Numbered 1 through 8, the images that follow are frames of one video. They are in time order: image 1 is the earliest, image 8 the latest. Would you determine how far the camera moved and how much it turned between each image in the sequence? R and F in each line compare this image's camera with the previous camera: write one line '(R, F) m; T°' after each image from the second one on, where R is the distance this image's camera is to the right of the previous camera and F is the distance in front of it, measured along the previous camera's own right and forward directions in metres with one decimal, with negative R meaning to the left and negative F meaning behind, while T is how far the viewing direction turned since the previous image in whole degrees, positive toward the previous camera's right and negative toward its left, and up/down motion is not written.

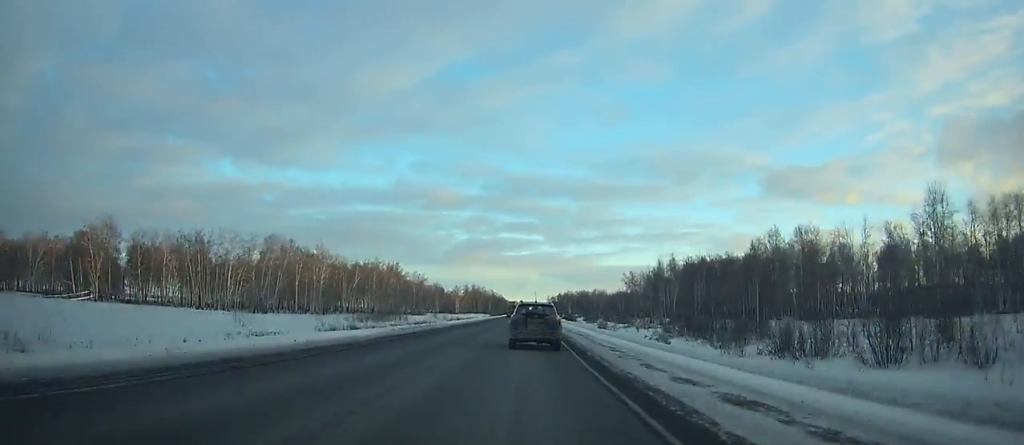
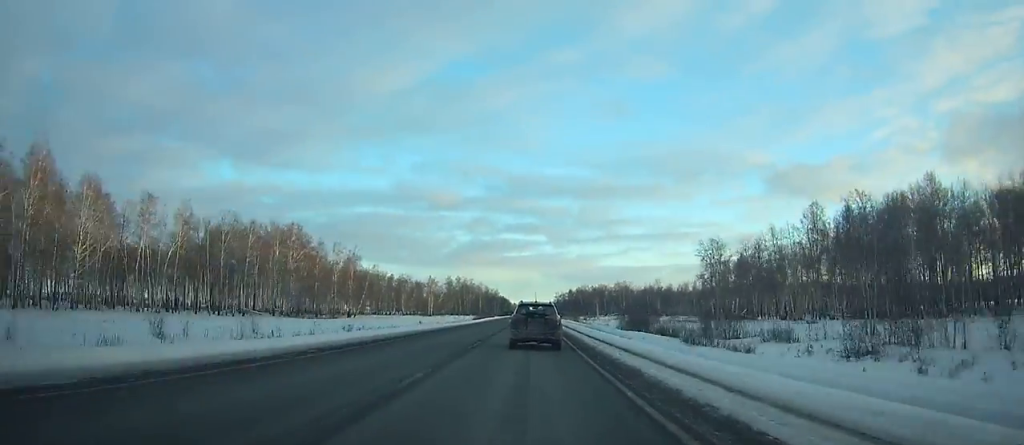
(-0.1, +115.0) m; 0°
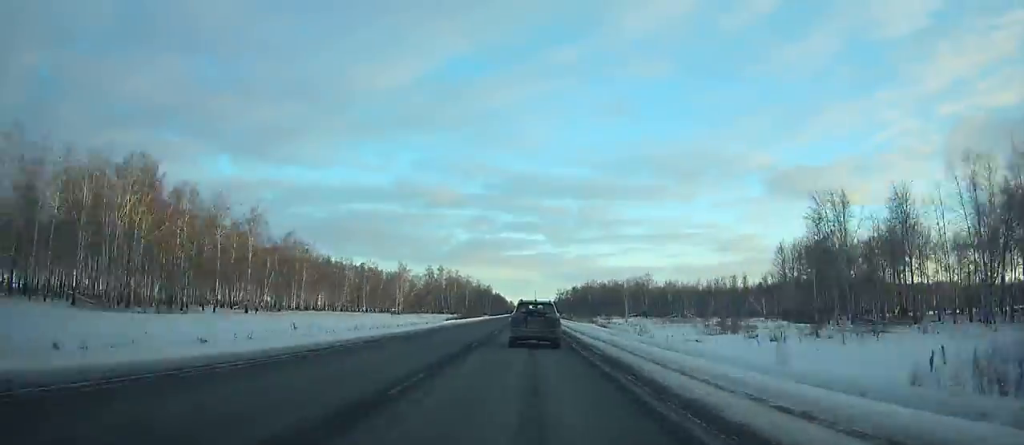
(-0.1, +62.8) m; 0°
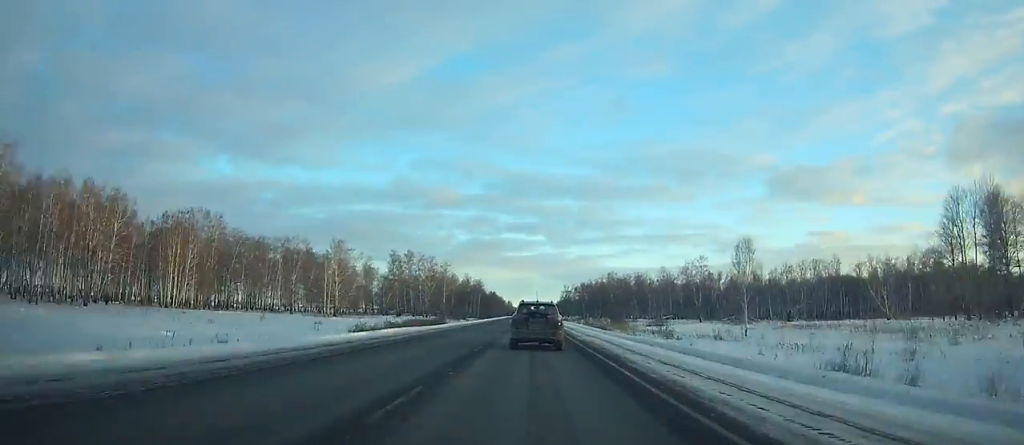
(-0.1, +73.8) m; 0°
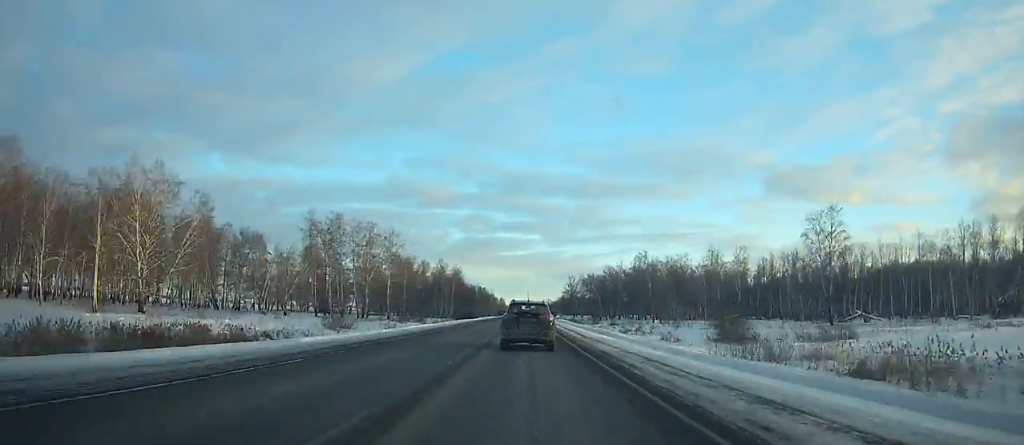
(+0.1, +74.4) m; 0°
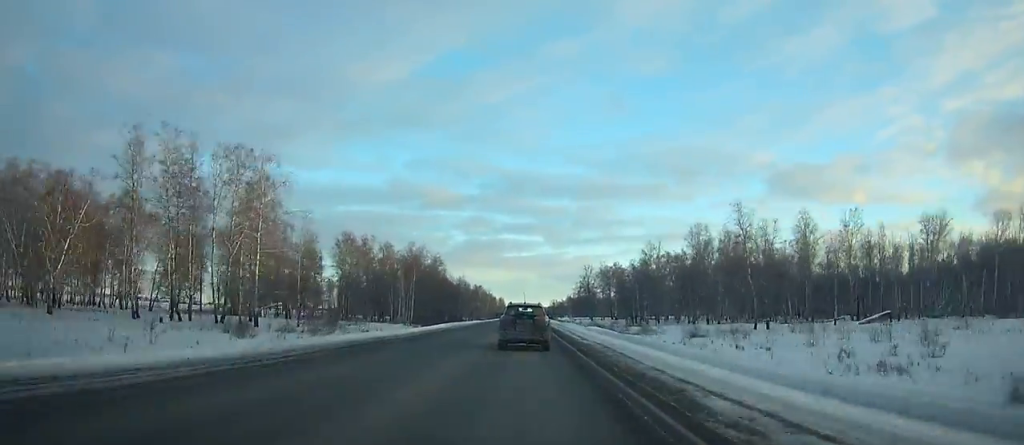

_EXERCISE INSTRUCTIONS_: The expected output is the full material above, word for word, without pictures.

_COMPLETED EXERCISE_:
Numbered 1 through 8, the images that follow are frames of one video. They are in time order: image 1 is the earliest, image 8 the latest. Would you determine how far the camera moved and how much it turned between each image in the sequence? R and F in each line compare this image's camera with the previous camera: write one line '(R, F) m; T°' after each image from the second one on, where R is the distance this image's camera is to the right of the previous camera and F is the distance in front of it, measured along the previous camera's own right and forward directions in metres with one decimal, with negative R meaning to the left and negative F meaning behind, while T is how far the viewing direction turned since the previous image in whole degrees, positive toward the previous camera's right and negative toward its left, and up/down motion is not written.

(-0.1, +115.0) m; 0°
(-0.1, +62.8) m; 0°
(-0.1, +73.8) m; 0°
(+0.1, +74.4) m; 0°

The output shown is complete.